The Natural History Museum is right across the street from the V&A. Also near by is the Science Museum (which I did not go to on this particular trip). It ‘s like a little museum picnic in South Kensington.
I went in through the entrance on Exhibition Road, which leads to the Red Zone – galleries that explore the changing nature of Earth. There’s a room with thousands of fossils, minerals, and rocks. Mainly, I like the entrance room:

I don’t know what I was doing, but the guy in the photo looks not happy with me. Maybe he knows that this picture will be blurry – just like every other picture I try to take of this room…
Wait a minute:

There we are – a better picture of the statues. …It is less dynamic, though.
Here – have a close up of the walls:

I couldn’t find Libra, but I did find Orion (and his belt).
I wandered through one of the exhibits in the Red Zone, finding some skeletons of things (the names of which I can’t remember).
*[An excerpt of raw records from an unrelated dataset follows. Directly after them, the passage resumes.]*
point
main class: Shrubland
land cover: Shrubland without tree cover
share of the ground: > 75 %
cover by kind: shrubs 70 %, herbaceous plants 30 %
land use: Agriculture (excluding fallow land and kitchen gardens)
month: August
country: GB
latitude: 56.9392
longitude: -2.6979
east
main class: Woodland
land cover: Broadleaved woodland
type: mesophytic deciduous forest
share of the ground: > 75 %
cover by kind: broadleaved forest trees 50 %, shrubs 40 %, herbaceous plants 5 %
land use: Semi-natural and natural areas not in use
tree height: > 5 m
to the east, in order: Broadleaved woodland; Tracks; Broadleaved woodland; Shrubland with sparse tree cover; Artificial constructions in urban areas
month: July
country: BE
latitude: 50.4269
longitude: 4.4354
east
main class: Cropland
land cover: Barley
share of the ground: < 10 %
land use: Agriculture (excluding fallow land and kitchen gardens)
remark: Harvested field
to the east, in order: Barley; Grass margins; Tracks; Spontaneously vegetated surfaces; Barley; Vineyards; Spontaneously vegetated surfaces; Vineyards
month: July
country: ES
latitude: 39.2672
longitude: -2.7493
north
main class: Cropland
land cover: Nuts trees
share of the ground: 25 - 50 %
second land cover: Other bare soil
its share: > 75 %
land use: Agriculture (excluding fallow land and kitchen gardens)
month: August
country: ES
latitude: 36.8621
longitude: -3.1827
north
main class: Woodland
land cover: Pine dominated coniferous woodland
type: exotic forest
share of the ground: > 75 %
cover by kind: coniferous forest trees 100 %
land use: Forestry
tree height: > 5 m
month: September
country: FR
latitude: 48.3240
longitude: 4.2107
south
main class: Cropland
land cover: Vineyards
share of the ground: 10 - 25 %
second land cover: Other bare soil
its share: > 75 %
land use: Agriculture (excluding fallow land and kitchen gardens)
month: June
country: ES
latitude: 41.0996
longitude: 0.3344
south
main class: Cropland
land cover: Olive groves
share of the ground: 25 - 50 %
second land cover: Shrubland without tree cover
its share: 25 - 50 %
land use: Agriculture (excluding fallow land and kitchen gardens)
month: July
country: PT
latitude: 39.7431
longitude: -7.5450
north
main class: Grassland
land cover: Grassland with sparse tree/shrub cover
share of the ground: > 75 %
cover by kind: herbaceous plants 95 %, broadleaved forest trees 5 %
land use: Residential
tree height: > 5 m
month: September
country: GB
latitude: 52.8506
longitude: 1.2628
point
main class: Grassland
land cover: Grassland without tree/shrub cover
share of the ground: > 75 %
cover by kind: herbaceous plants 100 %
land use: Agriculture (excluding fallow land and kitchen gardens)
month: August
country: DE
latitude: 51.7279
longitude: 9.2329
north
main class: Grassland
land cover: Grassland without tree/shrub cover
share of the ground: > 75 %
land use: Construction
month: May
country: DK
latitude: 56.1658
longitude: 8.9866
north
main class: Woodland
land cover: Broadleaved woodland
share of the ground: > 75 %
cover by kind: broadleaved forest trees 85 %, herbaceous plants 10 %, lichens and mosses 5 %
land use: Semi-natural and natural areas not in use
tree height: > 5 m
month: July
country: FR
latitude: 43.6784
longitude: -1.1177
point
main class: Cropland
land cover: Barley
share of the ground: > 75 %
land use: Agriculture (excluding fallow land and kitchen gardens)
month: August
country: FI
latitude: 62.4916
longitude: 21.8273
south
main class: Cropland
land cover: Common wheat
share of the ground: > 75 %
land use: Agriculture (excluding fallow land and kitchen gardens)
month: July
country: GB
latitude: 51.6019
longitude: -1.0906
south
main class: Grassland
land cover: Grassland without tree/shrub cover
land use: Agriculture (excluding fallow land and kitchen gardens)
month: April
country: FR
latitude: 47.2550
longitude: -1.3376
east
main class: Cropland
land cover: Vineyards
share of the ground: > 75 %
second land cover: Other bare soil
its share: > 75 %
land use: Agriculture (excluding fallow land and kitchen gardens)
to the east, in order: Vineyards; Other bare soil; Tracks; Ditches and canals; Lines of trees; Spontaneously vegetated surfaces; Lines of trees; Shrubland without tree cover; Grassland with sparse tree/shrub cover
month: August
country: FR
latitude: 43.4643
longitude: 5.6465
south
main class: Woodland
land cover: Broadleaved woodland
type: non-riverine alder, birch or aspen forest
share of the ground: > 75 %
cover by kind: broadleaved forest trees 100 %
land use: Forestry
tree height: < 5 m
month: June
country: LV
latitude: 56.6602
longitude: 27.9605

Then I was on my way to find some dinosaur bones!

The dinosaurs are in the Blue Zone (with mammals and biology stuff). I can’t remember the date I went to the museum, but I think it was late morning/early afternoon, and I think it was a weekday, like Monday or Tuesday.
The dinosaur room wasn’t as crowded as when Kristen and I visited. I remember it not taking long to get to the T-Rex area, and there was definitely no log-jam. That being said, the animatronic T-Rex wasn’t my favorite part of the exhibit. I’d rather see the bones.
The Entrance for the Blue Zone is on Cromwell Street, and you get to see a Camarasaurus skeleton as soon as you walk in (it’s a relative of the Diplodocus, which is in some ways similar to a Brontosaurus):

I think I was trying to be artsy or something with this photo. I also seem to have been on the second floor. Wow, my memory is a bit crap today.
Honestly, I never did biology in school (I did physics and chemistry instead), so the biology part of it all wasn’t as exciting for me as it would be for some. Mostly I just like looking at skeletons, especially of giant dinosaurs.